# Four Birds D.O.P.E. Personality Test



## somerandomkidmike (Oct 26, 2011)

Okay, this is a personality test that I learned about from school. I was interested to find out what people on here got for their results.

There are four birds: Dove, Owl, Eagle and Peacock.

You can take the test (pdf) here:  here  

and the assessment  here 

Edit: On the poll, if you score highly on two of the birds, then you can choose more than one bird. However, you should just choose what you score the highest on.


----------



## jrb (Oct 26, 2011)

Dove for me.


----------



## StachuK1992 (Oct 26, 2011)

Eagles seem to be jerks.


----------



## Yuxuibbs (Oct 26, 2011)

I got the same score for every column :fp


----------



## Athefre (Oct 27, 2011)

Yuxuibbs said:


> I got the same score for every column :fp


 
The poll seems to be missing your option - the Lyrebird


----------



## Litz (Oct 27, 2011)

I always find these tests a bit stupid but I did it anyway. I got eagle but both peacock and owl were pretty close too. The only one really far down was dove.


----------



## somerandomkidmike (Oct 27, 2011)

Athefre said:


> The poll seems to be missing your option - the Lyrebird


 
You can choose multiple if there are some that are the same.


----------



## Dene (Oct 27, 2011)

A pdf that requires effort? Not a chance in hell.

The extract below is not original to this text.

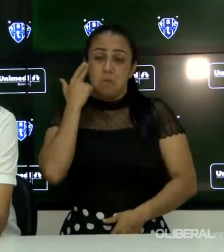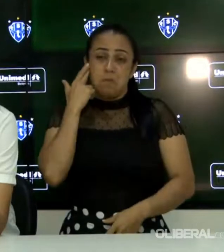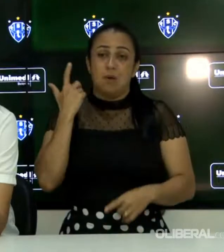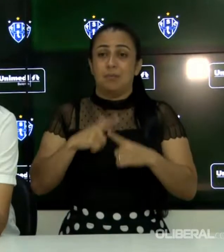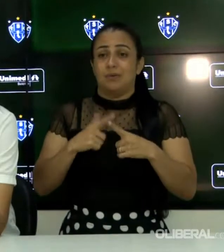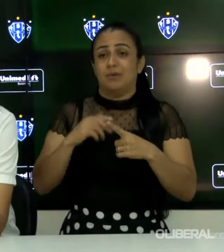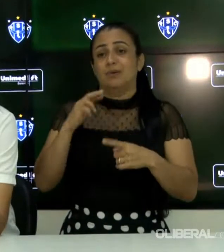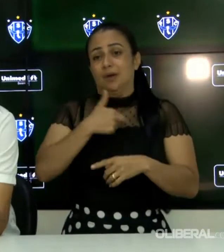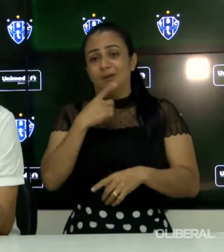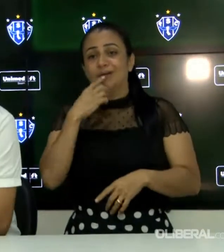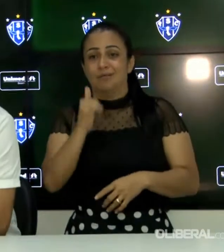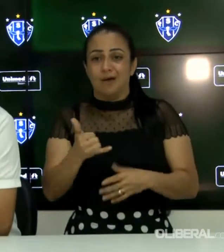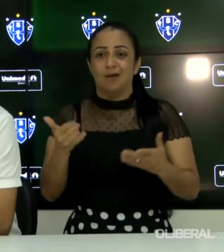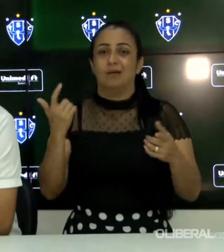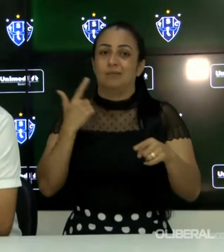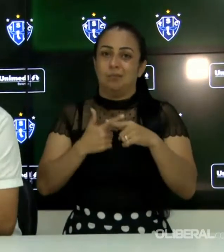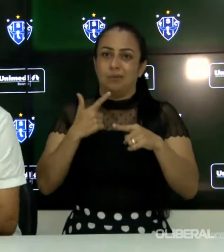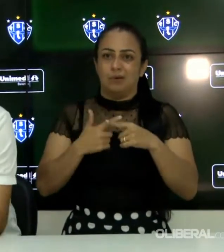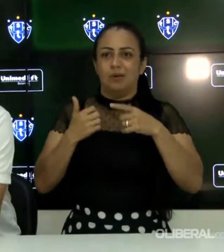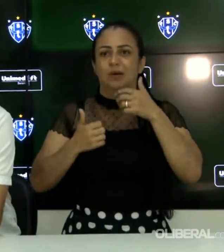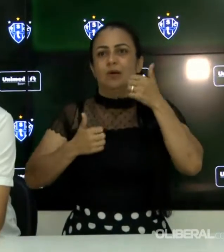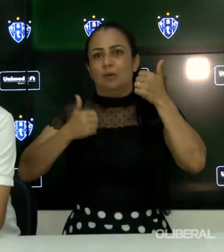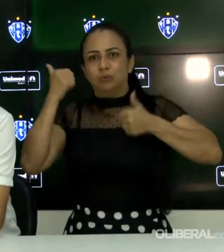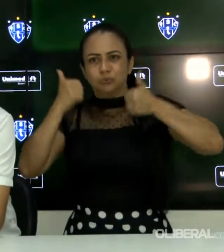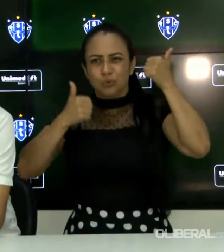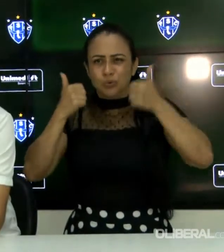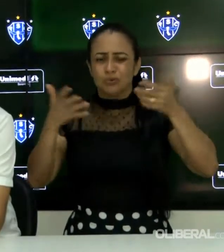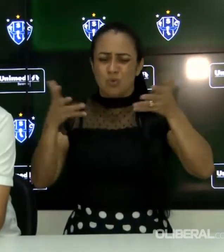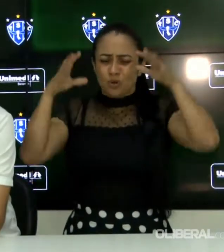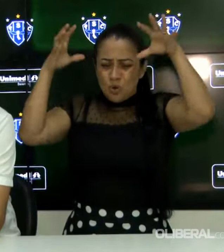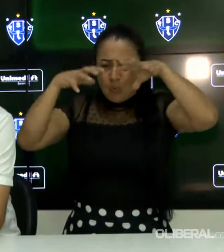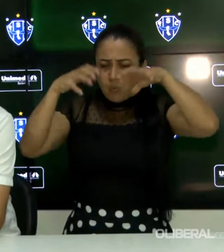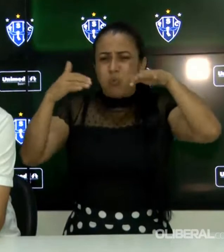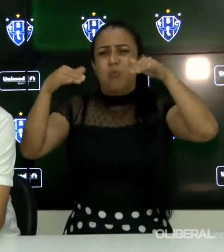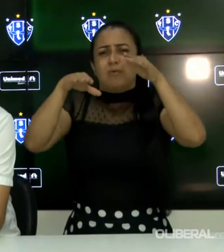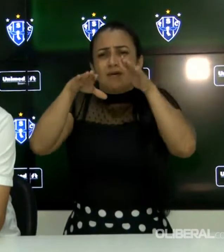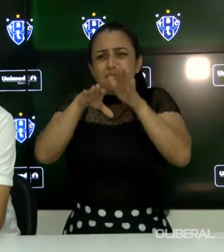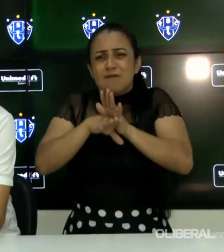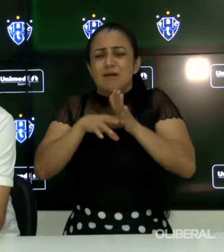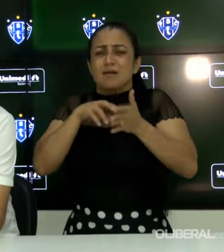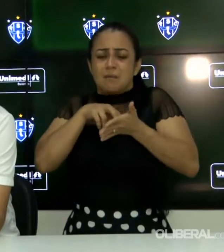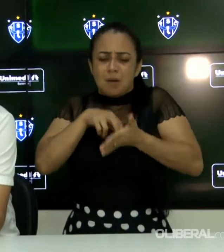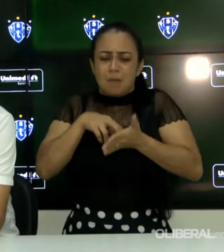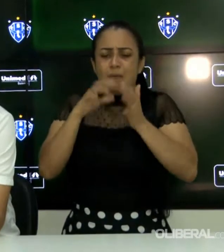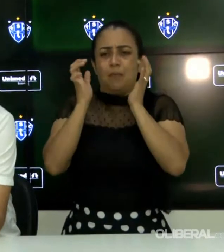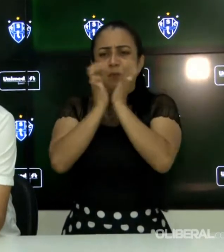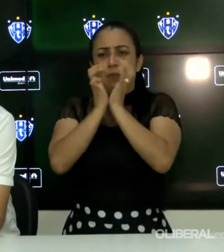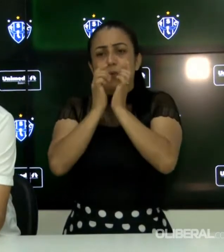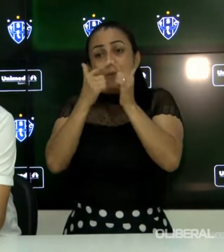A gente lamenta muito, até porque o torcedor, mesmo com essa chuva que caiu hoje em Belém, veio em bom número, apoiou a equipe,

Personality tests are generally silly anyway (especially comparing yourself to a bird). If you want to know your personality just ask yourself.


----------



## mr. giggums (Oct 27, 2011)

Dove

Scores were as follows:
Dove - 19
Owl - 9
Eagle - 9
Peacock - 3


----------



## Meep (Oct 27, 2011)

I got owldove. Close enough to penguin.


----------



## somerandomkidmike (Oct 27, 2011)

jrb said:


> Dove for me.


 
Eagles aren't necessarily jerks. They're just blunt. They can be seen as bossy because, but eagles can be quite nice. An eagle would make a great salesman though. 

The results so far are pretty strange though. Owls aren't really common. Most people are Peacocks and Doves.

Edit: I definitely quoted the wrong person. I meant to quote StatchuK1992


----------



## TheMachanga (Oct 27, 2011)

Too lazy to try this after realizing it's not just a simple 10 question survey that automatically calculates everything for me.


----------



## ben1996123 (Oct 27, 2011)

Peacock: 2
Eagle: 7
*Owl: 20*
Dove: 11

surprisingly accurate.


----------



## Slowpoke22 (Oct 27, 2011)

Owl (20)


----------



## Godmil (Oct 27, 2011)

It say's I'm OT1 and it recommends Auditing...
I may have filled it in wrong.


----------



## 5BLD (Oct 27, 2011)

Owl


----------



## aaronb (Oct 27, 2011)

Athefre said:


> The poll seems to be missing your option - the Lyrebird


 
There is 40 questions, and 4 birds; it just means that he chose 10 of each. It is not that unlikely.


----------



## StachuK1992 (Oct 27, 2011)

He's not calling him a liar outright, necessarily.
There actually *is* a lyrebird, who mimics the songs of other birds, similar to how he mimics the personalities of others'.


----------



## Kirjava (Oct 27, 2011)

12 5 8 13

THIS MEANS NOTHING


----------



## Athefre (Oct 27, 2011)

StachuK1992 said:


> He's not calling him a liar outright, necessarily.
> There actually *is* a lyrebird, who mimics the songs of other birds, similar to how he mimics the personalities of others'.


 
I think you would agree with me that the poll was also missing the option "Beaky Buzzard" for several people.


----------



## Owen (Oct 27, 2011)

No crow? Then it's a terrible test.


----------